I suppose if someone doesn't usually watch tennis then the initial aversion to grunting could turn them off.

It's not just the women either. Nadal has a pretty consistent grunt too.
But there might be fundamental phychoacoustic reasons that we find higher pitched grunts more annoying.

https://www.smithsonianmag.com/science-nature/what-is-the-most-annoying-sound-in-the-world-75317235/

As part of their research, published last week in the Journal of Neuroscience, they put 16 participants in an MRI machine, played them a range of 74 different sounds and asked them to rate which were most annoying. Their top ten most irritating sounds, with links to audio files for the worst five (although we can’t imagine why you’d want to listen):

1. A knife on a bottle
2. A fork on a glass
3. Chalk on a blackboard
4. A ruler on a bottle
5. Nails on a blackboard
6. A female scream
7. An anglegrinder (a power tool)
8. Squealing brakes on a bicycle
9. A baby crying
10. An electric drill

They also played the participants a number of more pleasant noises. Here were the four they rated as the least irritating:

1. Applause
2. A baby laughing
3. Thunder
4. Water flowing

Even more interesting than the rankings were the parts of the brain that lit up with activity when the research participants heard the irritating noises. The MRI scans revealed that along with the auditory cortex (which processes sounds), activity in the amygdala—the region of the brain responsible for producing emotions—increased in direct proportion to the perceived unpleasantness of the sound. The researchers found that the amygdala interacted with signals coming from the auditory cortex, increasing the amount of unpleasantness conveyed by sounds at the top of the list, which all happen to occur in the frequency range between 2,000 and 5,000 Hz.
So it could be that the higher pitched grunts of, say, Azarenka or Sharapova (higher than their speaking voices I think) just lands in a sweet spot that irritates us while lower pitched ones like Nadal's don't.
On the other hand, grunting probably helps the players to hit harder and it's not just something they do to irritate viewers and opponents.

https://whyy.org/segments/the-science-of-grunting-while-weightlifting/

So Rodolico and Sinclair came up with a simple experiment to find out. They took 30 people and had them squeeze a handgrip as hard as they could, and the handgrip would record the force. There were three different ways subjects could squeeze the handgrip. First, they just squeezed. Second, they squeezed and exhaled at the same time. Lastly, and most importantly, they squeezed and made some type of vocalization. The noise that the subjects made was up to them.

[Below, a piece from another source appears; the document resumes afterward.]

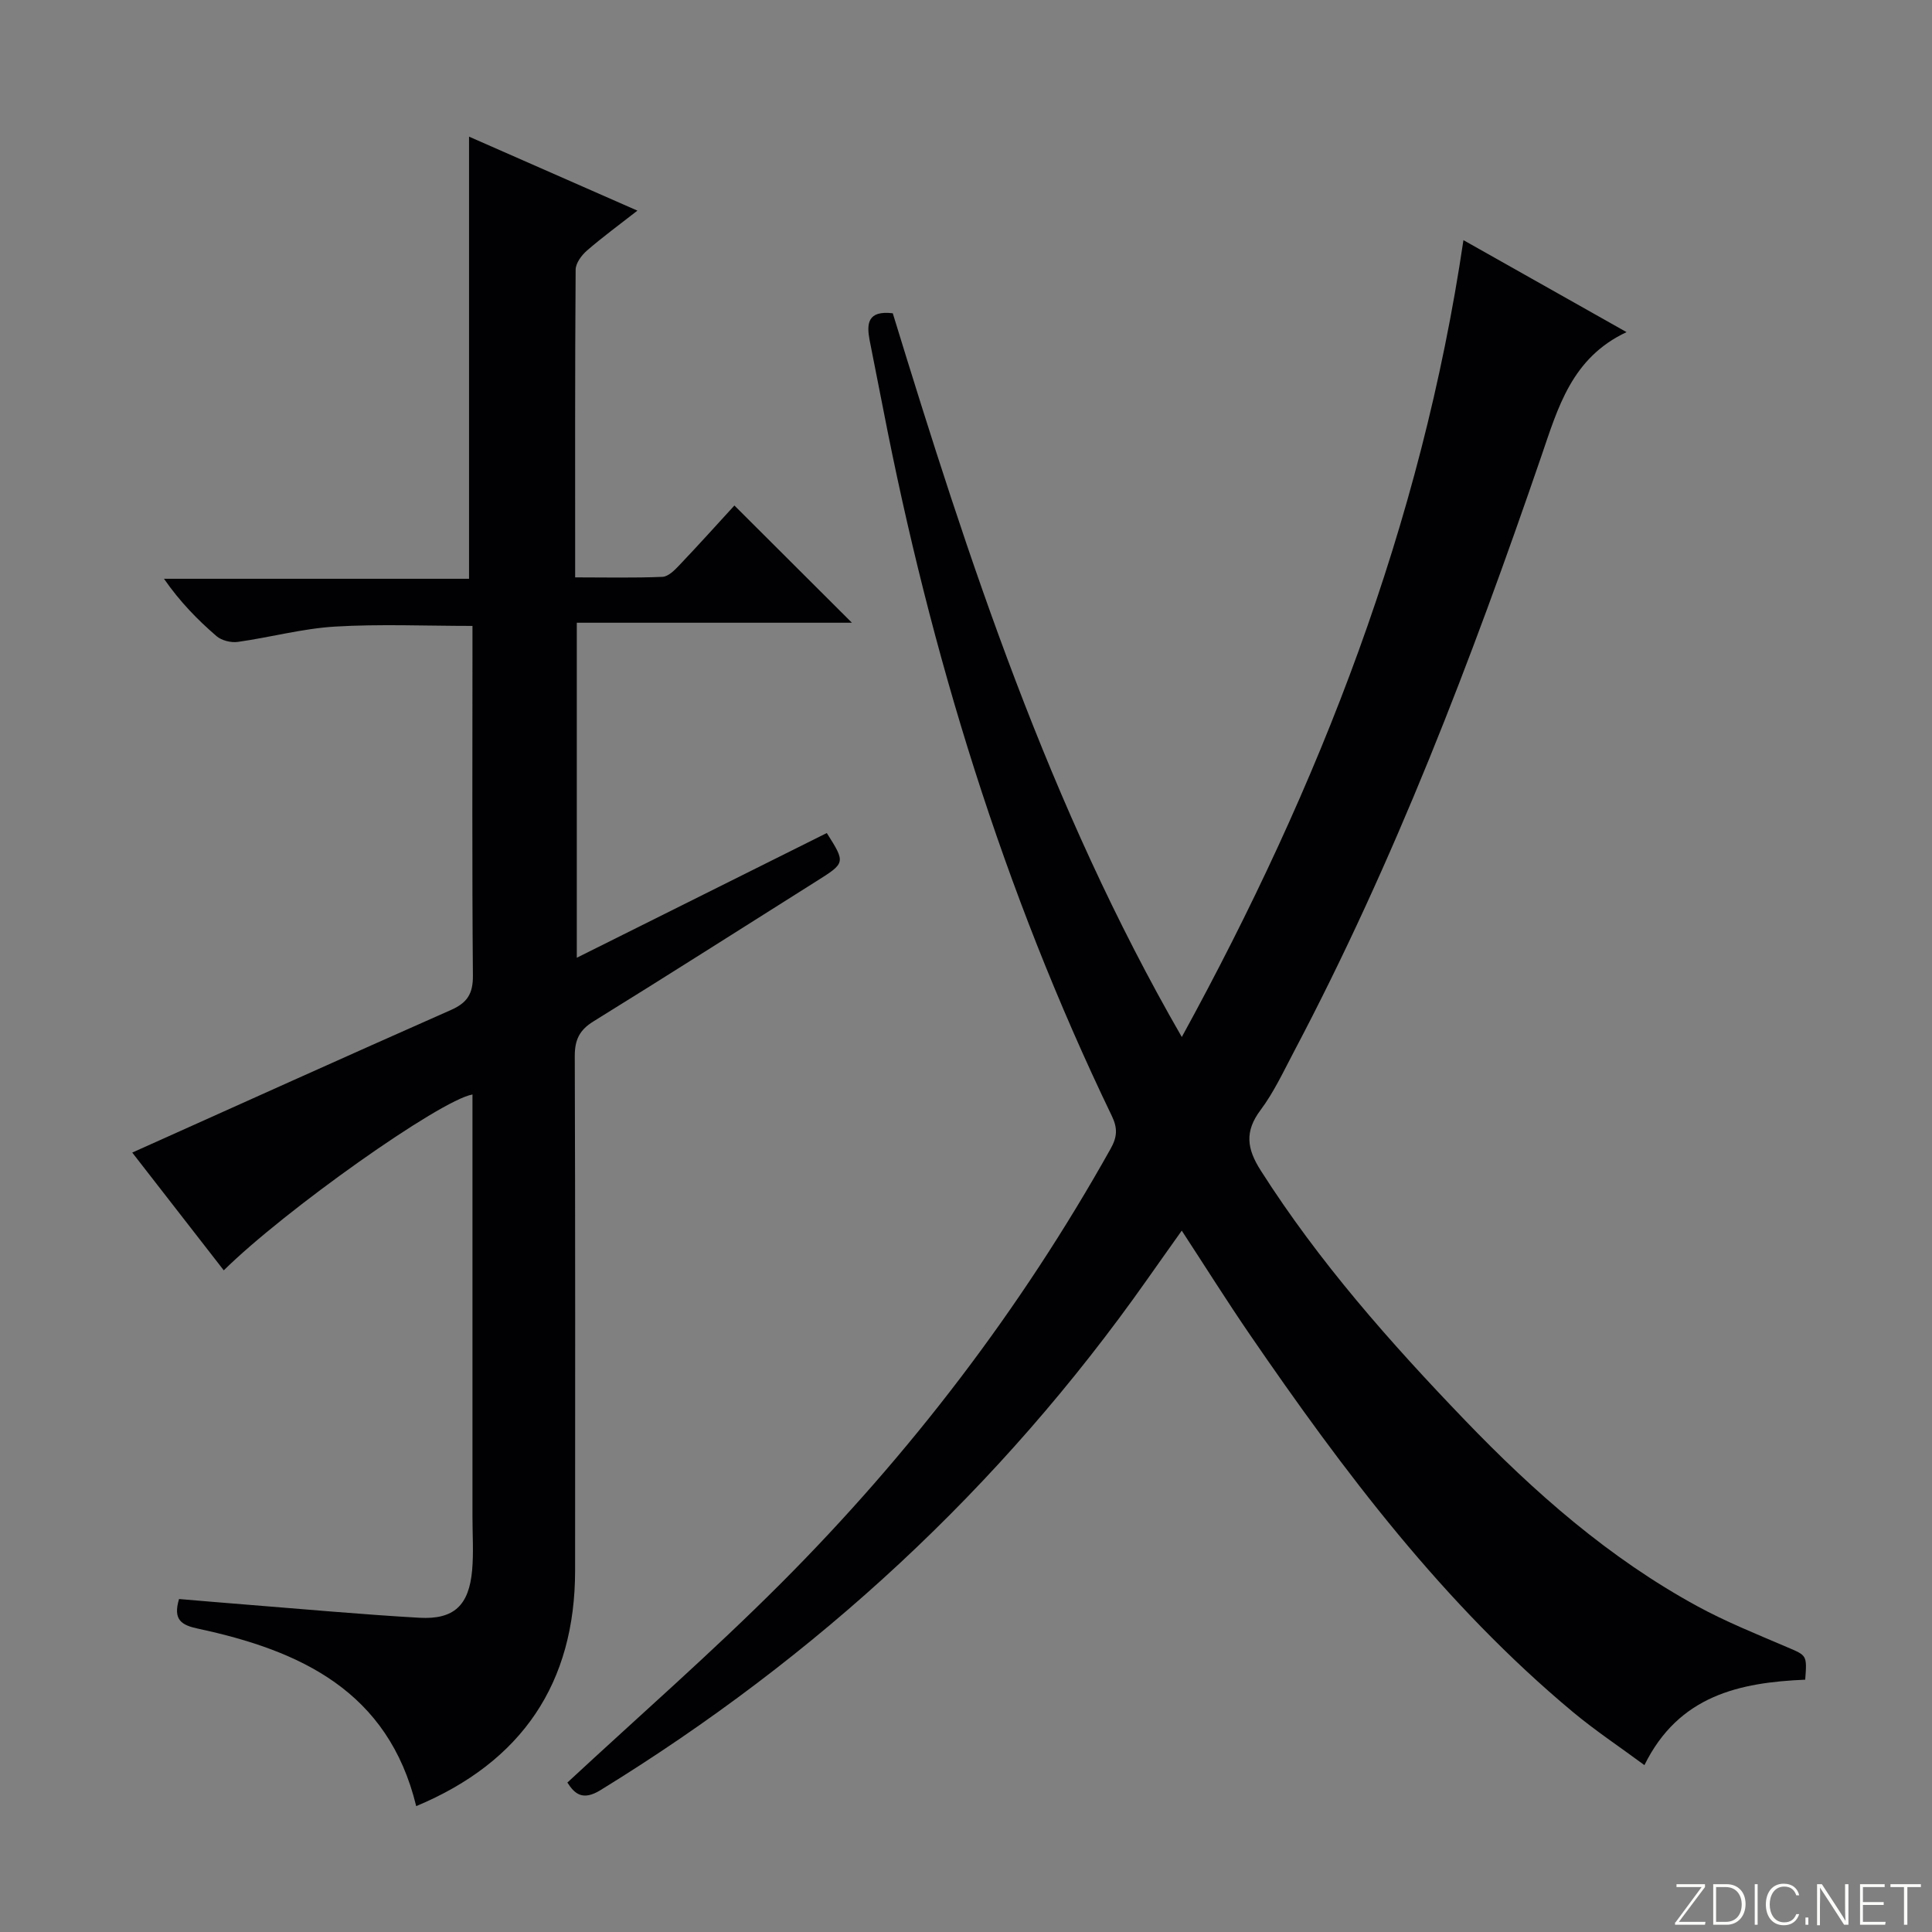 <svg enable-background="new 0 0 400 400" viewBox="0 0 400 400" xmlns="http://www.w3.org/2000/svg"><rect x="0" y="0" width="400" height="400" fill="#808080" stroke="none"/><g fill="#fbfcfa"><path d="m346.9 398 5.4-7.3h-5.2v-.6h5.9v.6l-5.4 7.2h5.5l-.1.6h-6.2v-.5z"/><path d="m354.7 390.1h2.8c2.3 0 3.9 1.6 3.9 4.1s-1.6 4.3-3.9 4.3h-2.8zm.6 7.8h2c2.2 0 3.3-1.6 3.3-3.6 0-1.8-1-3.6-3.3-3.6h-2z"/><path d="m363.9 390.1v8.4h-.6v-8.4z"/><path d="m372.5 396.3c-.4 1.3-1.4 2.3-3.2 2.3-2.4 0-3.7-1.9-3.7-4.3 0-2.3 1.2-4.3 3.7-4.3 1.8 0 2.9 1 3.2 2.4h-.6c-.4-1.1-1.1-1.8-2.5-1.8-2.1 0-3 1.9-3 3.7s.9 3.7 3 3.7c1.4 0 2.1-.7 2.5-1.7z"/><path d="m373.8 398.5v-1.5h.6v1.5z"/><path d="m376.2 398.5v-8.4h1c1.3 2 4.4 6.7 4.9 7.6-.1-1.2-.1-2.4-.1-3.8v-3.8h.7v8.4h-.9c-1.2-1.9-4.4-6.8-5-7.7.1 1.1 0 2.3 0 3.9v3.9h-.6z"/><path d="m390 394.4h-4.3v3.5h4.7l-.1.6h-5.2v-8.4h5.1v.6h-4.5v3.1h4.3v.7z"/><path d="m394.2 390.7h-2.8v-.6h6.3v.6h-2.8v7.8h-.7z"/></g><path d="m184.84 64.86c15.71 51.2 32.27 102.03 59.84 149.84 28.63-52.23 49.6-106.1 58.31-164.98 11.27 6.36 22.07 12.44 33.77 19.04-11.39 5.35-14.2 15.67-17.67 25.77-14.46 42.14-30.34 83.71-51.19 123.2-2.17 4.11-4.16 8.41-6.92 12.1-3.33 4.44-2.83 8 .03 12.49 12.05 18.93 26.79 35.6 42.28 51.71 14.37 14.95 29.83 28.55 48.13 38.52 5.96 3.25 12.31 5.79 18.56 8.47 4.09 1.75 4.16 1.6 3.77 6.74-13.53.58-26.17 3.23-33.29 17.69-5.09-3.76-10.16-7.13-14.81-11-26.74-22.3-47.46-49.79-66.98-78.28-4.69-6.85-9.1-13.88-14-21.38-2.57 3.63-4.93 6.93-7.26 10.25-30.35 43.06-68.25 78.02-113.09 105.59-3.7 2.28-5.36.75-6.85-1.57 14.81-13.75 29.99-27 44.19-41.22 26.82-26.86 49.71-56.82 68.28-90 1.37-2.44 1.48-4.25.25-6.8-22.49-46.65-37.52-95.73-47.36-146.48-.91-4.72-1.88-9.43-2.79-14.15-.62-3.34-.48-6.18 4.8-5.55z" fill="#010103"/><path d="m86.17 373.94c-5.78-23.83-24-32.21-45.16-36.74-3.47-.74-5.23-1.84-3.94-6.14 4.53.38 9.25.79 13.97 1.16 11.93.94 23.85 2.04 35.8 2.72 7.16.4 10.26-2.57 10.91-9.84.32-3.64.07-7.32.07-10.99 0-29.16 0-58.32 0-87.51-6.74 1.19-38.89 23.97-51.49 36.41-6.52-8.39-13.03-16.77-18.95-24.38 22.13-9.93 44.03-19.82 66-29.53 3.35-1.48 4.56-3.35 4.53-7.09-.19-22.5-.09-44.99-.09-67.49 0-1.49 0-2.98 0-4.93-9.69 0-19.12-.42-28.49.14-6.74.41-13.38 2.23-20.1 3.17-1.41.2-3.35-.29-4.41-1.2-3.9-3.37-7.52-7.05-10.87-11.87h63.16c0-31.08 0-61.3 0-91.54 11.09 4.88 22.63 9.95 34.86 15.32-3.76 2.94-7.23 5.47-10.45 8.27-1.12.97-2.33 2.61-2.34 3.96-.15 20.99-.1 41.97-.1 63.7 6.2 0 12.14.14 18.07-.11 1.21-.05 2.54-1.39 3.51-2.42 4.01-4.22 7.9-8.54 11.39-12.35 8.21 8.19 16.29 16.25 24.33 24.27-18.34 0-37.48 0-56.96 0v69.36c17.42-8.69 34.6-17.26 51.76-25.82 3.91 6.19 3.9 6.17-2.25 10.04-15.35 9.66-30.63 19.42-46.05 28.95-2.93 1.81-3.89 3.84-3.88 7.22.12 35.5.08 70.99.07 106.49-.01 23.22-10.92 39.59-32.9 48.77z" fill="#010103"/></svg>

“They basically grunted,” chuckles Rodolico, “although some grunted and some scared some people down the hall with how loud they were screaming.”

The researchers had the 30 participants do this over and over. They randomized the order each time and allowed for recovery breaks. Finally, they sat down with the data to figure out which method of squeezing created the most force on average.

They found that more force was created when exhaling than just squeezing alone. But the discovery came when comparing the amount of force generated when the subjects yelled (or grunted) and squeezed simultaneously. “[What] we found was that there was actually an additional 10 percent increase in force when yelling, which was really cool for us,” says Rodolico. “So, comparatively speaking, the exhalation was more than the passive, and the screaming was more than both. And I’m speaking significantly more.

But why?

Sinclairs takes a stab at an explanation: “We’ve actually thought a lot about that, and one of our hypotheses is that yelling may activate the autonomic nervous system, which is the nervous system that controls the fight or flight response — that feeling you get when you become startled or scared, that adrenaline rush that a lot of people speak of. And that may help the muscle contractions be more complete and more forceful.”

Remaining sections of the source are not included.